Task instructions: Wherever the string "circle" appears in the records, return the line that holds it.

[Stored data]
-*-
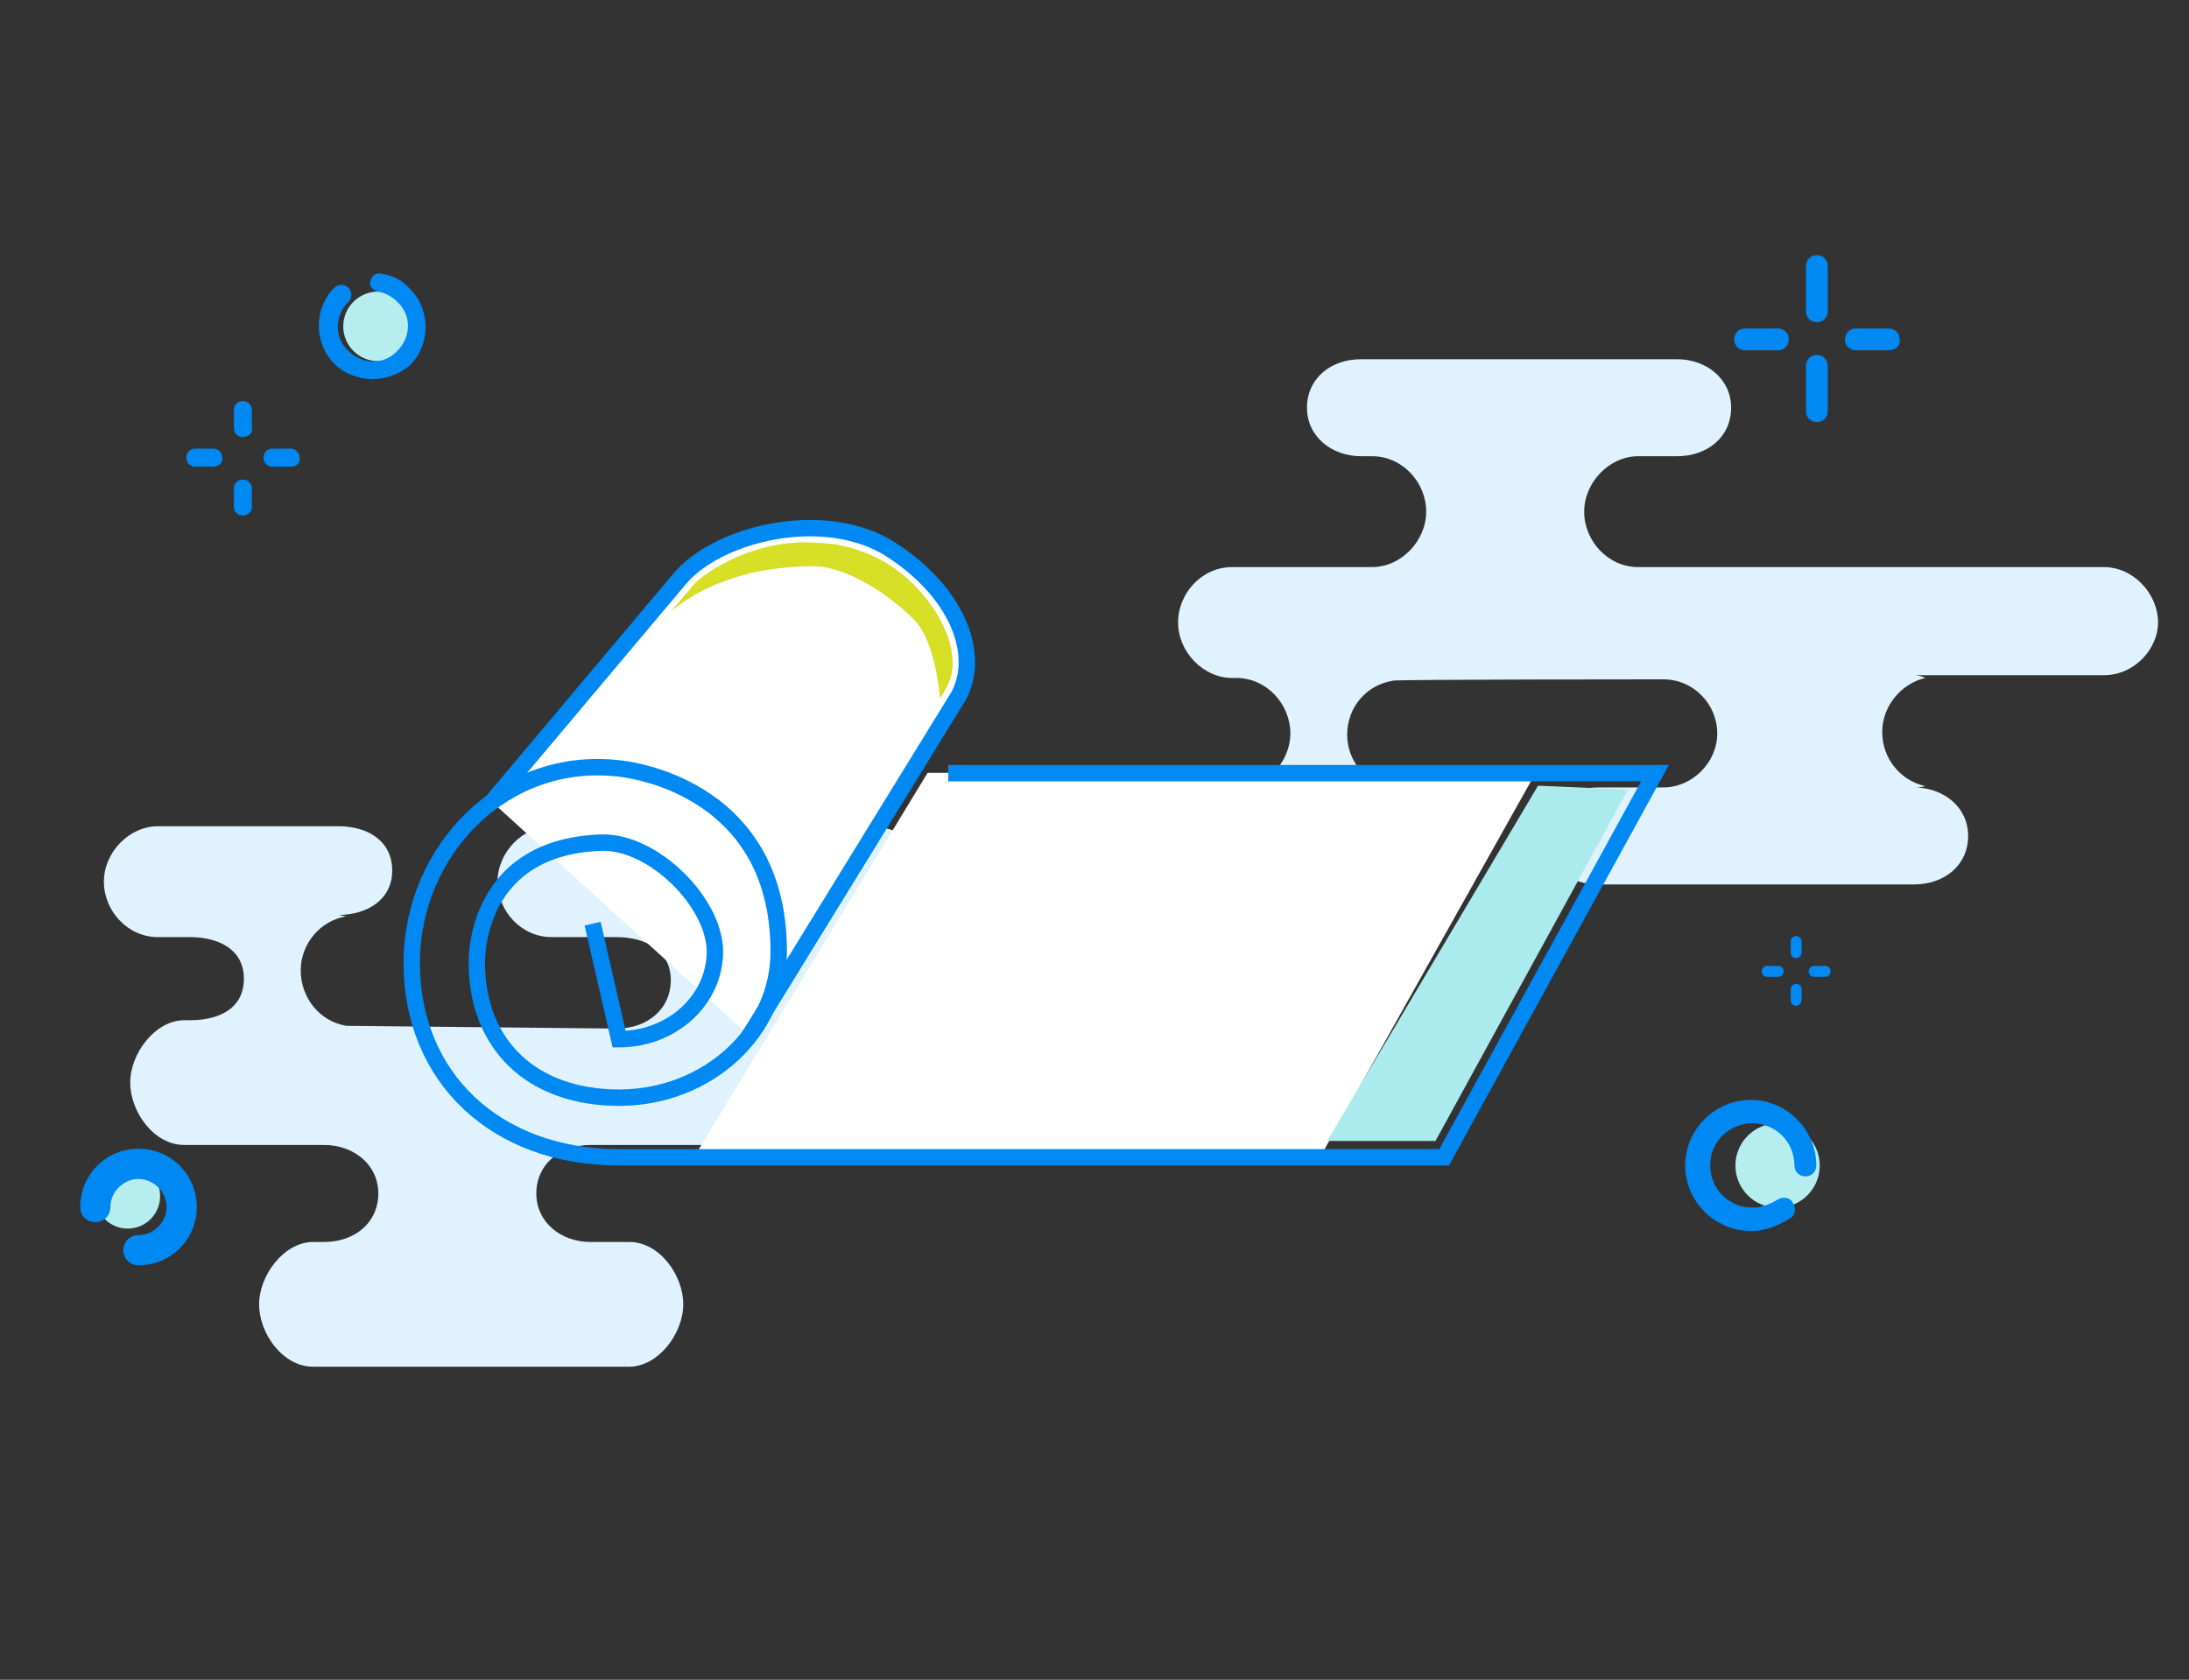 <?xml version="1.0" encoding="utf-8"?>
<!-- Generator: Adobe Illustrator 17.0.0, SVG Export Plug-In . SVG Version: 6.00 Build 0)  -->
<!DOCTYPE svg PUBLIC "-//W3C//DTD SVG 1.1//EN" "http://www.w3.org/Graphics/SVG/1.1/DTD/svg11.dtd">
<svg version="1.1" id="Layer_1" xmlns="http://www.w3.org/2000/svg" xmlns:xlink="http://www.w3.org/1999/xlink" x="0px" y="0px"
	 width="400px" height="307px" viewBox="0 0 400 307" enable-background="new 0 0 400 307" xml:space="preserve">
<rect x="0" y="0" width="400" height="307" fill="#333333" stroke="none"/>
<g>
	<path fill="#0088F3" d="M328.22,175.097c-0.573,0-1.001-0.428-1.001-1.001v-2.005c0-0.573,0.428-1.001,1.001-1.001
		s1.001,0.428,1.001,1.001v2.005C329.22,174.669,328.792,175.097,328.22,175.097z M328.22,183.825c-0.573,0-1.001-0.428-1.001-1.001
		v-2.005c0-0.573,0.428-1.001,1.001-1.001s1.001,0.428,1.001,1.001v2.005C329.22,183.255,328.792,183.825,328.22,183.825z
		 M324.928,178.531h-2.005c-0.573,0-1.001-0.428-1.001-1.001c0-0.573,0.428-1.001,1.001-1.001h2.005
		c0.573,0,1.001,0.428,1.001,1.001C325.928,178.103,325.5,178.531,324.928,178.531z M333.513,178.531h-2.005
		c-0.573,0-1.001-0.428-1.001-1.001c0-0.573,0.428-1.001,1.001-1.001h2.005c0.573,0,1.001,0.428,1.001,1.001
		S334.086,178.531,333.513,178.531z"/>
</g>
<g>
	<path fill="#DFF2FE" d="M384.464,123.4h-34.698c0.758,0,1.52,0.252,2.026,0.506c-4.308,1.015-7.853,5.066-7.853,9.879
		s3.293,8.864,7.853,9.879c-0.758,0.252-1.268,0.252-2.026,0.252c5.318,0,9.879,3.546,9.879,8.864s-4.308,8.864-9.879,8.864h-57.752
		c-5.318,0-9.879-3.546-9.879-8.864c0-5.318,4.308-8.864,9.879-8.864h11.904c5.318,0,9.879-4.56,9.879-9.879
		c0-5.318-4.308-9.879-9.879-9.879c0,0-49.893,0-49.389,0.252c-4.813,0.758-8.359,4.813-8.359,9.879
		c0,4.813,3.546,9.116,8.359,9.879h-1.52c5.318,0,9.879,3.293,9.879,8.864c0,5.318-4.308,8.864-9.879,8.864h-32.924
		c-5.318,0-9.879-3.546-9.879-8.864s4.308-8.864,9.879-8.864h5.824c5.318,0,9.879-4.813,9.879-10.131
		c0-5.318-4.308-10.131-9.879-10.131h-0.758c-5.318,0-9.879-4.813-9.879-10.131s4.308-10.131,9.879-10.131h25.581
		c5.318,0,9.879-4.813,9.879-10.131c0-5.318-4.308-10.131-9.879-10.131h-2.026c-5.318,0-9.879-3.546-9.879-8.864
		c0-5.318,4.308-8.864,9.879-8.864h57.747c5.318,0,9.879,3.546,9.879,8.864c0,5.318-4.308,8.864-9.879,8.864h-7.091
		c-5.318,0-9.879,4.813-9.879,10.131c0,5.318,4.308,10.131,9.879,10.131h85.101c5.318,0,9.879,4.813,9.879,10.131
		C394.343,118.591,390.035,123.4,384.464,123.4L384.464,123.4z M193.238,186.722h-34.697c0.758,0,1.52,0.252,2.026,0
		c-4.308-1.015-7.853-4.813-7.853-9.626c0-4.814,3.293-8.611,7.853-9.626c-0.758-0.252-1.268-0.252-2.026-0.252
		c5.318,0,9.879-2.788,9.879-8.106c0-5.318-4.308-8.106-9.879-8.106h-57.747c-5.318,0-9.879,4.813-9.879,10.131
		c0,5.318,4.308,10.131,9.879,10.131h11.904c5.318,0,9.879,2.53,9.879,7.853c0,5.318-4.308,8.864-9.879,8.864
		c0,0-49.893-0.506-49.389-0.506c-4.813-0.758-8.359-5.066-8.359-10.131c0-4.813,3.546-9.116,8.359-9.879
		c-0.506,0-1.015-0.252-1.52-0.252c5.318,0,9.879-2.788,9.879-8.106c0-5.318-4.308-8.106-9.879-8.106H28.864
		c-5.318,0-9.879,4.813-9.879,10.131c0,5.318,4.308,10.131,9.879,10.131h5.824c5.318,0,9.879,2.278,9.879,7.596
		c0,5.318-4.308,7.596-9.879,7.596h-1.015c-5.318,0-9.879,6.081-9.879,11.399c0,5.318,4.308,11.399,9.879,11.399h25.581
		c5.318,0,9.879,3.546,9.879,8.864c0,5.318-4.308,8.864-9.879,8.864h-2.026c-5.318,0-9.879,6.081-9.879,11.399
		c0,5.318,4.308,11.399,9.879,11.399h57.747c5.318,0,9.879-6.081,9.879-11.399c0-5.318-4.308-11.399-9.879-11.399h-7.091
		c-5.318,0-9.879-3.546-9.879-8.864c0-5.318,4.308-8.864,9.879-8.864h85.101c5.318,0,9.879-6.081,9.879-11.399
		C203.117,192.798,198.813,186.722,193.238,186.722L193.238,186.722z"/>
	<g>
		<path fill="#0088F3" d="M332,58.889c-1.141,0-1.996-0.855-1.996-1.996v-8.271c0-1.141,0.856-1.996,1.996-1.996
			c1.141,0,1.996,0.855,1.996,1.996v8.271C333.995,58.035,333.141,58.889,332,58.889z M332,77.148c-1.141,0-1.996-0.855-1.996-1.996
			v-8.271c0-1.141,0.856-1.996,1.996-1.996c1.141,0,1.996,0.855,1.996,1.996v8.271C333.995,76.29,333.141,77.148,332,77.148z
			 M324.87,64.026h-5.992c-1.141,0-1.996-0.855-1.996-1.996s0.855-1.996,1.996-1.996h5.992c1.141,0,1.996,0.855,1.996,1.996
			S326.011,64.026,324.87,64.026z M345.121,64.026h-5.992c-1.141,0-1.996-0.855-1.996-1.996s0.855-1.996,1.996-1.996h5.992
			c1.141,0,1.996,0.855,1.996,1.996C347.403,63.167,346.262,64.026,345.121,64.026z"/>
	</g>
	<circle fill="#B6EEEF" cx="324.818" cy="213.014" r="7.702"/>
	<path fill="#0088F3" d="M319.915,224.98c-6.561,0-11.98-5.419-11.98-11.98s5.419-11.98,11.98-11.98
		c6.561,0,11.98,5.419,11.98,11.98c0,1.141-0.855,1.996-1.996,1.996c-1.141,0-1.996-0.855-1.996-1.996
		c0-4.278-3.424-7.702-7.702-7.702S312.5,208.722,312.5,213s3.424,7.702,7.702,7.702c1.71,0,3.137-0.569,4.565-1.427
		c0.855-0.569,2.282-0.569,2.851,0.569c0.569,0.855,0.569,2.282-0.569,2.851C324.766,224.125,322.484,224.98,319.915,224.98
		L319.915,224.98z"/>
	<g>
		<circle fill="#B6EEEF" cx="69.077" cy="59.649" r="6.353"/>
		<g>
			<g>
				<path fill="#0088F3" d="M44.378,79.876c-0.942,0-1.645-0.707-1.645-1.645v-3.294c0-0.942,0.707-1.645,1.645-1.645
					c0.942,0,1.645,0.707,1.645,1.645v3.294C46.262,79.173,45.32,79.876,44.378,79.876z M44.378,94.225
					c-0.942,0-1.645-0.707-1.645-1.645v-3.294c0-0.942,0.707-1.645,1.645-1.645c0.942,0,1.645,0.707,1.645,1.645v3.294
					C46.262,93.287,45.32,94.225,44.378,94.225z M38.968,85.285h-3.294c-0.942,0-1.645-0.707-1.645-1.645
					c0-0.942,0.707-1.645,1.645-1.645h3.294c0.942,0,1.645,0.707,1.645,1.645C40.853,84.583,39.911,85.285,38.968,85.285z
					 M53.082,85.285h-3.294c-0.942,0-1.645-0.707-1.645-1.645c0-0.942,0.707-1.645,1.645-1.645h3.294
					c0.942,0,1.645,0.707,1.645,1.645C54.966,84.583,54.26,85.285,53.082,85.285z"/>
			</g>
			<path fill="#0088F3" d="M68.139,69.291c-2.587,0-5.175-0.942-7.06-2.822c-3.765-3.765-3.765-10.118,0-13.878
				c0.707-0.707,1.88-0.707,2.587,0s0.707,1.88,0,2.587c-2.587,2.587-2.587,6.588,0,8.94c2.587,2.587,6.588,2.587,8.94,0
				c2.587-2.587,2.587-6.588,0-8.94c-0.942-0.942-2.116-1.645-3.529-1.88c-0.942-0.236-1.645-0.942-1.413-1.88
				c0.236-0.942,0.942-1.645,1.88-1.413c2.116,0.236,4,1.178,5.41,2.822c3.765,3.765,3.765,10.118,0,13.878
				C73.081,68.349,70.495,69.291,68.139,69.291L68.139,69.291z"/>
			<g>
				<circle fill="#B6EEEF" cx="23.338" cy="218.624" r="5.917"/>
				<path fill="#0088F3" d="M25.307,231.248c-1.578,0-2.76-1.182-2.76-2.76c0-1.578,1.182-2.76,2.76-2.76
					c2.76,0,5.13-2.365,5.13-5.13s-2.365-5.13-5.13-5.13c-2.76,0-5.13,2.365-5.13,5.13c0,1.578-1.182,2.76-2.76,2.76
					c-1.578,0-2.76-1.182-2.76-2.76c0-5.917,4.734-10.651,10.651-10.651s10.651,4.734,10.651,10.651
					C35.958,226.513,31.224,231.248,25.307,231.248z"/>
			</g>
		</g>
	</g>
</g>
<g>
	<path fill="#FFFFFF" stroke="#0088F3" stroke-width="3" stroke-miterlimit="10" d="M-217.645,68.752h-62.188
		c-8.533,0-15.451-6.918-15.451-15.451V19.525c0-17.561,14.236-31.796,31.796-31.796h29.498c17.561,0,31.796,14.236,31.796,31.796
		v33.776C-202.194,61.834-209.112,68.752-217.645,68.752z"/>
	<path fill="#FFFFFF" stroke="#0088F3" stroke-width="3" stroke-miterlimit="10" d="M-231.62,80.675h-34.239
		c-1.864,0-3.376-1.511-3.376-3.376v0c0-1.864,1.511-3.376,3.376-3.376h34.239c1.864,0,3.376,1.511,3.376,3.376v0
		C-228.244,79.164-229.756,80.675-231.62,80.675z"/>
	<path fill="#FFFFFF" stroke="#0088F3" stroke-width="3" stroke-miterlimit="10" d="M-231.62,91.789h-34.239
		c-1.864,0-3.376-1.511-3.376-3.376v0c0-1.864,1.511-3.376,3.376-3.376h34.239c1.864,0,3.376,1.511,3.376,3.376v0
		C-228.244,90.277-229.756,91.789-231.62,91.789z"/>
	<path fill="#FFFFFF" stroke="#0088F3" stroke-width="3" stroke-miterlimit="10" d="M-206.28,97.324h-84.79
		c-6.065,0-10.982,4.917-10.982,10.982v0c0,6.065,4.917,10.982,10.982,10.982h84.79c6.065,0,10.982-4.917,10.982-10.982v0
		C-195.299,102.241-200.215,97.324-206.28,97.324z"/>
	<path fill="#D6DE23" stroke="#0088F3" stroke-width="3" stroke-miterlimit="10" d="M-181.172,63.197h-7.566
		c-2.988,0-5.411-2.423-5.411-5.411v0c0-2.988,2.423-5.411,5.411-5.411h7.566c2.988,0,5.411,2.423,5.411,5.411v0
		C-175.761,60.775-178.184,63.197-181.172,63.197z"/>
	
		<polyline fill="none" stroke="#0088F3" stroke-width="3" stroke-linecap="round" stroke-linejoin="round" stroke-miterlimit="10" points="
		-184.955,69.949 -184.955,101.985 -192.425,101.985 	"/>
	<path fill="#D6DE23" stroke="#0088F3" stroke-width="3" stroke-miterlimit="10" d="M-316.306,63.197h7.566
		c2.988,0,5.411-2.423,5.411-5.411v0c0-2.988-2.423-5.411-5.411-5.411h-7.566c-2.988,0-5.411,2.423-5.411,5.411v0
		C-321.717,60.775-319.295,63.197-316.306,63.197z"/>
	
		<polyline fill="none" stroke="#0088F3" stroke-width="3" stroke-linecap="round" stroke-linejoin="round" stroke-miterlimit="10" points="
		-312.523,69.949 -312.523,101.985 -305.053,101.985 	"/>
	
		<line fill="none" stroke="#0088F3" stroke-width="3" stroke-miterlimit="10" x1="-248.707" y1="168.067" x2="-248.707" y2="120.565"/>
	<path fill="none" stroke="#0088F3" stroke-width="3" stroke-miterlimit="10" d="M-206.791,184.157"/>
	<polyline fill="none" stroke="#0088F3" stroke-width="3" stroke-miterlimit="10" points="-207.047,190.286 -207.047,181.092 
		-248.675,169.025 -290.304,181.092 -290.304,190.286 	"/>
	
		<line fill="none" stroke="#0088F3" stroke-width="3" stroke-miterlimit="10" x1="-248.707" y1="190.286" x2="-248.707" y2="172.281"/>
	<circle fill="#FFFFFF" stroke="#0088F3" stroke-width="3" stroke-miterlimit="10" cx="-290.24" cy="192.776" r="4.661"/>
	<circle fill="#FFFFFF" stroke="#0088F3" stroke-width="3" stroke-miterlimit="10" cx="-248.675" cy="192.776" r="4.661"/>
	<circle fill="#FFFFFF" stroke="#0088F3" stroke-width="3" stroke-miterlimit="10" cx="-207.11" cy="192.776" r="4.661"/>
	<path fill="#ACEBED" d="M-293.369,47.395c0,0,1.66,9.322,12.131,9.322c10.471,0,63.592,0,63.592,0s11.365-1.022,13.408-9.322v6.257
		c0,0,0.638,10.726-12.386,13.217h-64.295c0,0-10.726-0.575-12.45-12.578V47.395z"/>
	<path fill="#D6DE23" d="M-298.732,103.326h99.73c0,0-0.958-4.533-10.088-4.086h-82.3
		C-291.39,99.239-295.442,99.123-298.732,103.326z"/>
</g>
<polygon fill="#FFFFFF" points="169.5,141.25 126.5,212 241.5,211 280.75,141 "/>
<g>
	<path fill="#FFFFFF" stroke="#0088F3" stroke-width="3" stroke-miterlimit="10" d="M89.897,146.551l34.404-40.895
		c7.219-8.38,26.687-12.876,38.585-5.17c12.765,8.268,16.716,20.236,11.65,27.749l-37.604,61.1"/>
	<polygon fill="#ACEBED" points="297.496,144.3 262.304,208.526 242.508,208.526 281.044,143.596 	"/>
	<path fill="#D6DE26" d="M127.166,106.38c0,0,9.166-8.292,22.452-7.148c0,0,12.389-0.352,20.659,11.547
		c0,0,6.278,8.309,2.705,14.847l-1.21,2.046c0,0-0.704-10.139-4.575-14.22c-3.871-4.08-12.141-10.063-18.916-9.975
		c-6.775,0.088-17.244,1.32-25.69,8.27L127.166,106.38z"/>
	<path fill="none" stroke="#0088F3" stroke-width="3" stroke-miterlimit="10" d="M108.293,168.812l4.844,21.112
		c9.664,0,17.497-7.177,17.497-16.031c0-8.854-11.21-20.243-20.867-19.89c-23.424,0.855-22.626,22.002-22.626,22.002
		c0,14.756,9.889,24.607,25.995,24.607s29.162-11.962,29.162-26.719c0-31.064-29.162-33.441-29.162-33.441
		c-20.811-2.486-37.898,14.773-37.898,35.553s15.218,35.513,37.898,35.513h-1.279h152.03l38.535-70.208H173.268"/>
</g>
</svg>
-*-
Answer space:
	<circle fill="#B6EEEF" cx="324.818" cy="213.014" r="7.702"/>
		<circle fill="#B6EEEF" cx="69.077" cy="59.649" r="6.353"/>
				<circle fill="#B6EEEF" cx="23.338" cy="218.624" r="5.917"/>
	<circle fill="#FFFFFF" stroke="#0088F3" stroke-width="3" stroke-miterlimit="10" cx="-290.24" cy="192.776" r="4.661"/>
	<circle fill="#FFFFFF" stroke="#0088F3" stroke-width="3" stroke-miterlimit="10" cx="-248.675" cy="192.776" r="4.661"/>
	<circle fill="#FFFFFF" stroke="#0088F3" stroke-width="3" stroke-miterlimit="10" cx="-207.11" cy="192.776" r="4.661"/>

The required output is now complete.